Bosnia Fact Sheet: The Road to the Dayton Peace
Agreement

Updated and released by the Bureau of Public Affairs, December 6, 1995


  • The international community is united it its desire to see the Balkan conflict resolved at the negotiating table. The United Nations (UN), the European Union (EU), and other nations, acting separately and in groups, have attempted to resolve the Balkan conflict through negotiations since it began in 1991.
  • In October 1992, European Union mediator Lord David Owen and UN mediator and former U.S.Secretary of State Cyrus Vance proposed a draft constitution organizing Bosnia into a decentralized federation.This became known as the "Vance-Owen" plan
  • In February 1993, President Clinton, at the beginning of his Administration, named the first U.S.special envoy to UN-EU joint negotiations, Ambassador Reginald Bartholomew. In May 1993, U.S. efforts helped gain the parties' agreement to the Vance-Owen plan, but the Bosnian Serbs subsequently renounced the accord.
  • In early 1994, with UN-EU efforts bogged down, the United States decided to undertake more active involvement, seeking to back diplomacy with the threat of   NATO air power in protecting safe areas and UN peacekeepers.
  • In March 1994, the new United States special envoy, Ambassador Charles Redman, and other U.S. officials led negotiations between Bosnia's Muslims and Croats which resulted in a cease-fire, the formation of a bi-communal Federation, and improved relations with neighboring Croatia.
  • Later in the spring of 1994, the United States, Russia, Britain, France, and Germany established a five-nation Contact Group, with the goal of brokering a settlement between the Federation and Bosnian Serbs.  The Contact Group based its efforts on three principles:

 

1.

Bosnia would remain a single state;

 

2.

That state would consist of the Federation and a Bosnian Serb entity;

 

3.

These two entities would be linked via mutually-agreed constitutional principles, which would also spell out relationships with Serbia and Croatia proper.

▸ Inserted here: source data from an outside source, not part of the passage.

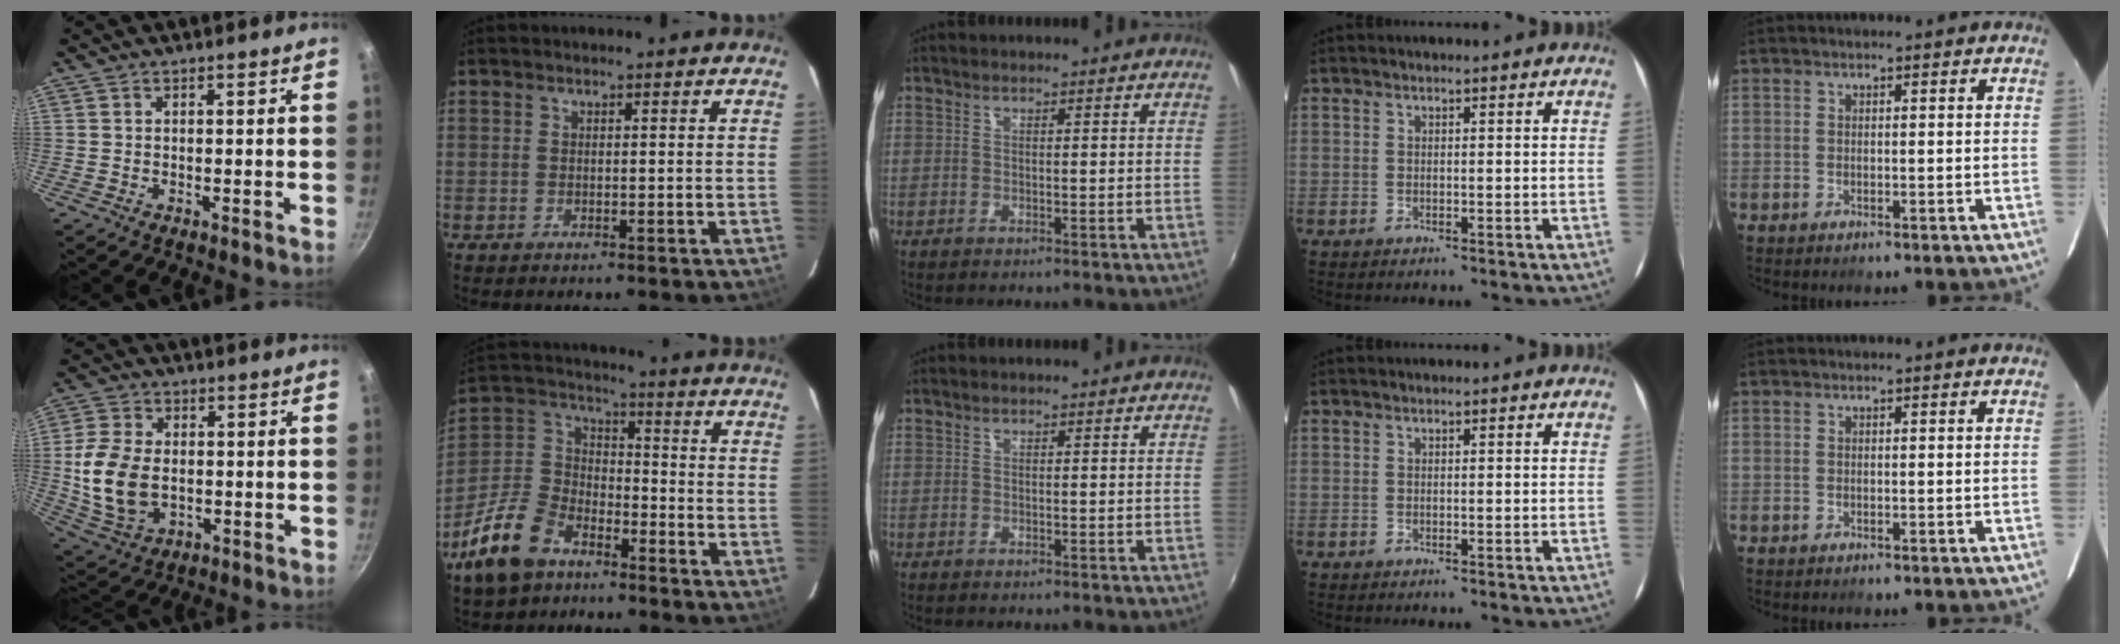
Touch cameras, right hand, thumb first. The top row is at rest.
{"thumb": {"total": 12.9, "force": [-0.6, 8.8, 9.4], "torque": [-0.176, -0.001, -0.004]}, "index": {"total": 15.5, "force": [-9.8, 8.8, 8.2], "torque": [-0.197, 0.018, -0.184]}}
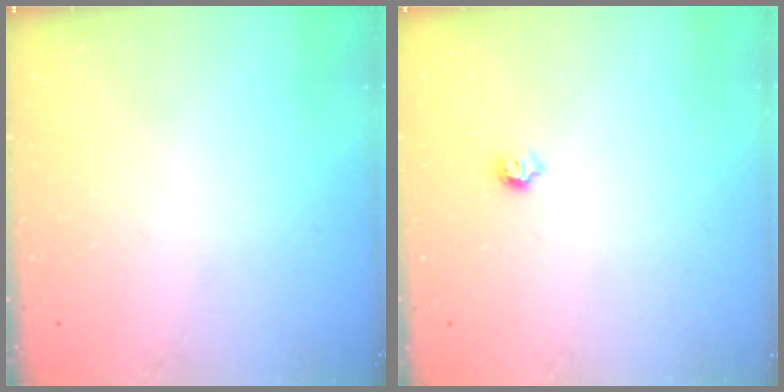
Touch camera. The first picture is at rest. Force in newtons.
{"total": 4.7, "press": 4.6, "slide": 0.5}
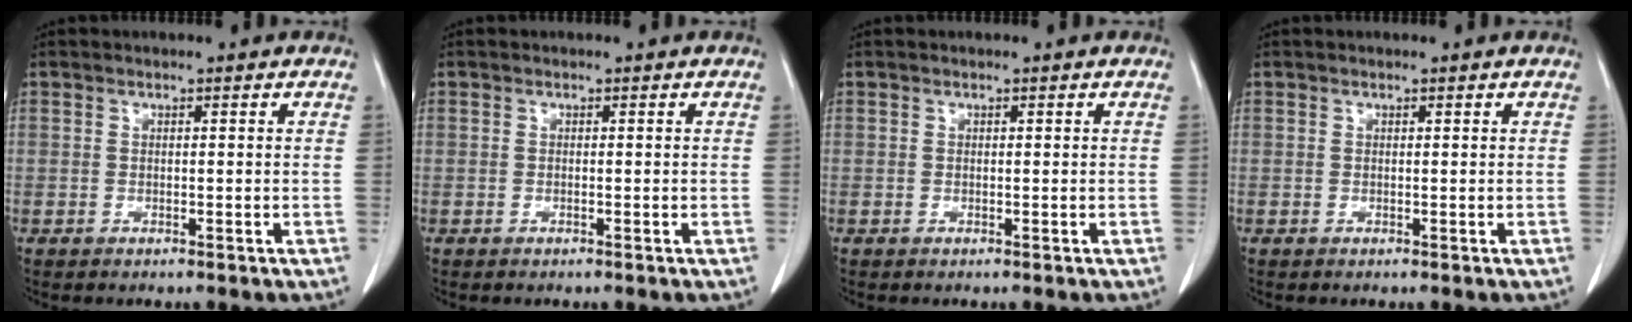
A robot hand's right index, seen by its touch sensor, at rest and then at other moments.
{"total": 0.0}
{"total": 0.0}
{"total": 0.0}

  • In July 1994, the Contact Group put forward a proposed map presenting a 51/49 percent territorial compromise between the Federation and Bosnian Serbs. The Bosnian, Croatian, and Serbian Governments all accepted the proposal. The Bosnian Serbs repeatedly rejected it. However, all of its key principles were accepted as the basis for negotiations at the November 1995 proximity peace talks in Dayton.